#### [Work request]
Each line of the records that holds "stems" should be shown in full.

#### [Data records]
▬▬▬
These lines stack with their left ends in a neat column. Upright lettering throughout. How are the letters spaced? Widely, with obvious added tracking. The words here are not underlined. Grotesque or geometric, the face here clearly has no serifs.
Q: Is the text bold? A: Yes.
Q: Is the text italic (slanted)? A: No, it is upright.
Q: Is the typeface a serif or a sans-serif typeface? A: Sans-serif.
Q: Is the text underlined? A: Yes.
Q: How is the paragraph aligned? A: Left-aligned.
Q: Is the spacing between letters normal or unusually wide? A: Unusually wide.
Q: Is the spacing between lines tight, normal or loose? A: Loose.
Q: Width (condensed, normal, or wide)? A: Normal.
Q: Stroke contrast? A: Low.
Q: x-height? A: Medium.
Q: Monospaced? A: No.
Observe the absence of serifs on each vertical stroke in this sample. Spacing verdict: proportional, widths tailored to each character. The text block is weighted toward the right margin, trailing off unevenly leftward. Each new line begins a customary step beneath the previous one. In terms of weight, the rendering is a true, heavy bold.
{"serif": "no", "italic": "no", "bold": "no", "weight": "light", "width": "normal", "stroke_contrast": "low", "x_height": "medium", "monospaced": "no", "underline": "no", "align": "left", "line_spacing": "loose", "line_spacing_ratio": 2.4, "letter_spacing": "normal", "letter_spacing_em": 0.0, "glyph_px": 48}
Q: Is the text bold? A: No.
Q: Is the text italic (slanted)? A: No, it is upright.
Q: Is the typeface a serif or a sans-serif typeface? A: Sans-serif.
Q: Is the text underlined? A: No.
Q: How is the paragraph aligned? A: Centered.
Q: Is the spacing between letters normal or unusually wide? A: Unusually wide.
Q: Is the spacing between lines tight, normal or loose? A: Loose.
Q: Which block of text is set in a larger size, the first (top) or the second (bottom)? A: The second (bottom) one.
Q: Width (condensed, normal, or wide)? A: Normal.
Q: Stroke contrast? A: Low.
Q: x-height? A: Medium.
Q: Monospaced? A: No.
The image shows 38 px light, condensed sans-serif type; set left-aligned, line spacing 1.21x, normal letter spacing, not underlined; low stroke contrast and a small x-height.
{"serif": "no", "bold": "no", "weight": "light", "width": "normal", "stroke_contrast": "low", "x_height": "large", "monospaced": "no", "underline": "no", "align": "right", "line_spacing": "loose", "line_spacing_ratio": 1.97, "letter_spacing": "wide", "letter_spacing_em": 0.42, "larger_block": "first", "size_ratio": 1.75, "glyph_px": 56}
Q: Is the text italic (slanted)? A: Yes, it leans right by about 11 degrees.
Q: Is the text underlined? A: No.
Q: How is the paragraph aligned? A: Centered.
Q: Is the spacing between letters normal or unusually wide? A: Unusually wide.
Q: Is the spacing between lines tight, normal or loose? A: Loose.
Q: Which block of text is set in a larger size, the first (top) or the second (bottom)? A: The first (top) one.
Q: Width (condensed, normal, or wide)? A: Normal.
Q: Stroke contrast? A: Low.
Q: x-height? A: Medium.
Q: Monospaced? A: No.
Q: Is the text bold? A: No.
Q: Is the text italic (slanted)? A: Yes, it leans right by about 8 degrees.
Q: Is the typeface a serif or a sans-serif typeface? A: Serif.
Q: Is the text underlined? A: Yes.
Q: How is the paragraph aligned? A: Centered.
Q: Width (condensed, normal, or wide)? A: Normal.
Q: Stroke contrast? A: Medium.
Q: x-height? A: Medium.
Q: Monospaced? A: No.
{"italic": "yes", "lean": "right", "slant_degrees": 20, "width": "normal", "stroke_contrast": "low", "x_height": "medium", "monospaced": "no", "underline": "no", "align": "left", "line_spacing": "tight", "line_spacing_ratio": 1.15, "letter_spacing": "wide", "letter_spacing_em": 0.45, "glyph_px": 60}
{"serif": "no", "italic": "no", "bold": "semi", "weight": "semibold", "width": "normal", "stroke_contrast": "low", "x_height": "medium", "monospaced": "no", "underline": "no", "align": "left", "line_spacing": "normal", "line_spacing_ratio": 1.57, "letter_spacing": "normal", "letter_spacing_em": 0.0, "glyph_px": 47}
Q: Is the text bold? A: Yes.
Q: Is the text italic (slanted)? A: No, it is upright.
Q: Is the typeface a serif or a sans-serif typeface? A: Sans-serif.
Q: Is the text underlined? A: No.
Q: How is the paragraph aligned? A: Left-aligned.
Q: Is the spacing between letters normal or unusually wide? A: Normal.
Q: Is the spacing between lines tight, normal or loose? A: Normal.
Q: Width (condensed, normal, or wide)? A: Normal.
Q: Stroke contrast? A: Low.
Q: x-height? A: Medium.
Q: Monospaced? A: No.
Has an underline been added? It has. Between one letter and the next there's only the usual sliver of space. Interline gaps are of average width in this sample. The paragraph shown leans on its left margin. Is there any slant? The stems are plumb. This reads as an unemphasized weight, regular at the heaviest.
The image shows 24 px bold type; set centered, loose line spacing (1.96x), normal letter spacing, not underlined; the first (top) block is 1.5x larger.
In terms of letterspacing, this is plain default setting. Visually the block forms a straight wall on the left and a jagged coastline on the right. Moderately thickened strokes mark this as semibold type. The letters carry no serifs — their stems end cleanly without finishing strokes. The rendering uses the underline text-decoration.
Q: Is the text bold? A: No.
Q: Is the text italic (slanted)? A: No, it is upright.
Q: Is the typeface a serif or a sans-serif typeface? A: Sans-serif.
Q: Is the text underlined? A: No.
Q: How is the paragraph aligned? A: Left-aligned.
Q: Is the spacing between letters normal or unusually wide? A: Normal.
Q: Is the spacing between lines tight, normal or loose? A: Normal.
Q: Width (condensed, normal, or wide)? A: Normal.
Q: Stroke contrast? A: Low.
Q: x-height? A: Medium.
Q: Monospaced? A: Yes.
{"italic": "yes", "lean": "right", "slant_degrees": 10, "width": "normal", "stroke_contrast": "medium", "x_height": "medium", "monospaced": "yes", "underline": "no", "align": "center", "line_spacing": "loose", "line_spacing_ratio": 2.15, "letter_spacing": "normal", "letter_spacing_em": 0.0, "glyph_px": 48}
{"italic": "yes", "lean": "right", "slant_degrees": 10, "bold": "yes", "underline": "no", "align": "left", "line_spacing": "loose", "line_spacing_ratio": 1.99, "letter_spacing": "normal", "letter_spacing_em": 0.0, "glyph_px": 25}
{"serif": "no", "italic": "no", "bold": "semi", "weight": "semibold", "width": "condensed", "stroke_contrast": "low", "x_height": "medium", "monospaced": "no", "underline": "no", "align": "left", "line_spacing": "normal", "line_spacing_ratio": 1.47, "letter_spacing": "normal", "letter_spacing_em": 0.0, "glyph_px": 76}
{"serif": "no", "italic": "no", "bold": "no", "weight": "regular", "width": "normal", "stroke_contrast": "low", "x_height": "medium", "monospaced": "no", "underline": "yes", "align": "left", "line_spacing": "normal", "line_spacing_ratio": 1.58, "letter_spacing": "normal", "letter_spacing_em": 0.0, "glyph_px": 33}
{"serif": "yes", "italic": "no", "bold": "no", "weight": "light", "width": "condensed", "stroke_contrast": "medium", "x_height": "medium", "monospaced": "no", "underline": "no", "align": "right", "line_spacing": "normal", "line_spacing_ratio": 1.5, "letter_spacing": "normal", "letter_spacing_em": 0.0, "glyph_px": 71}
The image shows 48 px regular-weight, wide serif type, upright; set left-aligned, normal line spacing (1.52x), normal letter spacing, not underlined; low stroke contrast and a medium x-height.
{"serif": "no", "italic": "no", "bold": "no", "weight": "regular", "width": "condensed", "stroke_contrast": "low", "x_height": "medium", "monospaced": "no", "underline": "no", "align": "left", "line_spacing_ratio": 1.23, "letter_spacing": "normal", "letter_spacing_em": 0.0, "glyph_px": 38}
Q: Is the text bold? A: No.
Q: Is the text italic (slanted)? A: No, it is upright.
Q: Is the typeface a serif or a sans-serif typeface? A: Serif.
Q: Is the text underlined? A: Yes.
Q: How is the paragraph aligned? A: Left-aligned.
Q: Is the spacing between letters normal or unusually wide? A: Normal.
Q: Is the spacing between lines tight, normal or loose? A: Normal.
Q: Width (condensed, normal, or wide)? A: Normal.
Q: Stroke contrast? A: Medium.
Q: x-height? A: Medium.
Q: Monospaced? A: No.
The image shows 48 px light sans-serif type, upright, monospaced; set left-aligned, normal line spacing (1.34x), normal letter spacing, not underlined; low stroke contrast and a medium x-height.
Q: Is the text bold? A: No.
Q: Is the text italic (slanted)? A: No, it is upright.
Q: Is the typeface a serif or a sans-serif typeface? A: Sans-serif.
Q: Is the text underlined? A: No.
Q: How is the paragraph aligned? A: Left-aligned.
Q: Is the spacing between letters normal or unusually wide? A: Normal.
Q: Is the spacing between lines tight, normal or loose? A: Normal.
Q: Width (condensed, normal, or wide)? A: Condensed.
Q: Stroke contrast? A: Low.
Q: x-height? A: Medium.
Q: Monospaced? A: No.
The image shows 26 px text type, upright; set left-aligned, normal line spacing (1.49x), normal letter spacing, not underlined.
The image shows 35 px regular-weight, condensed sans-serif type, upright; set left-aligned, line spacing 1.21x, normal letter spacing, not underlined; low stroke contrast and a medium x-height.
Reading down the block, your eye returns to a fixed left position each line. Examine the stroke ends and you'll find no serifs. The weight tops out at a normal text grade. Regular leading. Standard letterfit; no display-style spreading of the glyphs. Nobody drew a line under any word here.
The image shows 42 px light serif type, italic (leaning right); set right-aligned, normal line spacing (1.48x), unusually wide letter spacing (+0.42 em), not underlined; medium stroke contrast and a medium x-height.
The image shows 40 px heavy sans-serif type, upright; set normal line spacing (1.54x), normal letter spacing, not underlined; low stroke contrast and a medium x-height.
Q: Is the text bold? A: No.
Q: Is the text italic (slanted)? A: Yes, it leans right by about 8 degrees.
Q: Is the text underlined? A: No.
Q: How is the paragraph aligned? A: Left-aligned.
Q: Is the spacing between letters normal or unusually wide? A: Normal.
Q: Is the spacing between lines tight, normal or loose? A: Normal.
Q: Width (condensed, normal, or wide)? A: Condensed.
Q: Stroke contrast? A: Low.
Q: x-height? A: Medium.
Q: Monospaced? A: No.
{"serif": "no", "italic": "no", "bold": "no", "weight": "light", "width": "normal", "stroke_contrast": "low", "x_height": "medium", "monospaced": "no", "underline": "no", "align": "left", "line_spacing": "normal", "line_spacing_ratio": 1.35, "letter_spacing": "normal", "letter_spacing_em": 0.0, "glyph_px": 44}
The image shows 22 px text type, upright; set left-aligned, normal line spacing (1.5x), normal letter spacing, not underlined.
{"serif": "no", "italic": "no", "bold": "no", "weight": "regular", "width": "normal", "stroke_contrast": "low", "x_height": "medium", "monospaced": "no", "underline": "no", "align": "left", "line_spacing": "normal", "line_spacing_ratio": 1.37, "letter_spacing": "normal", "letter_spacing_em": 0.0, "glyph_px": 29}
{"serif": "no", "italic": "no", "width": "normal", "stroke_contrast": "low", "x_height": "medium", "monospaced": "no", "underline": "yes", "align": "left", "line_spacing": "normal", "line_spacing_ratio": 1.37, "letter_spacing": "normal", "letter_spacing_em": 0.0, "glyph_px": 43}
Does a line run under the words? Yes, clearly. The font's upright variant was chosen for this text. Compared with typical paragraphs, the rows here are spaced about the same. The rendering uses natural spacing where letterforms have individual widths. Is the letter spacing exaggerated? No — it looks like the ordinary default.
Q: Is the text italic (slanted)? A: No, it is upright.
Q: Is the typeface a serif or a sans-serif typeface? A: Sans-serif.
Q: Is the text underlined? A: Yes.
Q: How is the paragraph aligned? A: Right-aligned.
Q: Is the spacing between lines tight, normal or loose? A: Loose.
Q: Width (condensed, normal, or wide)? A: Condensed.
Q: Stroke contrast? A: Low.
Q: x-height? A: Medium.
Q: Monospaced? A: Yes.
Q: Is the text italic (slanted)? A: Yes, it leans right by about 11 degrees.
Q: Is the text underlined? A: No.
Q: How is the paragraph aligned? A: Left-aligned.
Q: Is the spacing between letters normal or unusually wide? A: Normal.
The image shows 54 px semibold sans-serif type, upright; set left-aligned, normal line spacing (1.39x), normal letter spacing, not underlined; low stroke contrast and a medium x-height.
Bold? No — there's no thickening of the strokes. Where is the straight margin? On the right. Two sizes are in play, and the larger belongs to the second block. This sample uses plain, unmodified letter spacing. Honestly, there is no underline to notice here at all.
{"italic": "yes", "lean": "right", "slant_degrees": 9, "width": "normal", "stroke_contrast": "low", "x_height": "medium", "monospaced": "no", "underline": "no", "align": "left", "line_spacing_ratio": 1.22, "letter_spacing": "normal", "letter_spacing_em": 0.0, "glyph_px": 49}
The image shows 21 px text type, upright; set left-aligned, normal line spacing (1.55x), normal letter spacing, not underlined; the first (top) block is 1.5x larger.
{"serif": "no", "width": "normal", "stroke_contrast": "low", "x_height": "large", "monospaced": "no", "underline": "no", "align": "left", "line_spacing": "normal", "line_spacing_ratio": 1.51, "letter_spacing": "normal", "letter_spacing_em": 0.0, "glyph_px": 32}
▬▬▬
#### [Completed task]
Has an underline been added? It has. Between one letter and the next there's only the usual sliver of space. Interline gaps are of average width in this sample. The paragraph shown leans on its left margin. Is there any slant? The stems are plumb. This reads as an unemphasized weight, regular at the heaviest.
In terms of letterspacing, this is plain default setting. Visually the block forms a straight wall on the left and a jagged coastline on the right. Moderately thickened strokes mark this as semibold type. The letters carry no serifs — their stems end cleanly without finishing strokes. The rendering uses the underline text-decoration.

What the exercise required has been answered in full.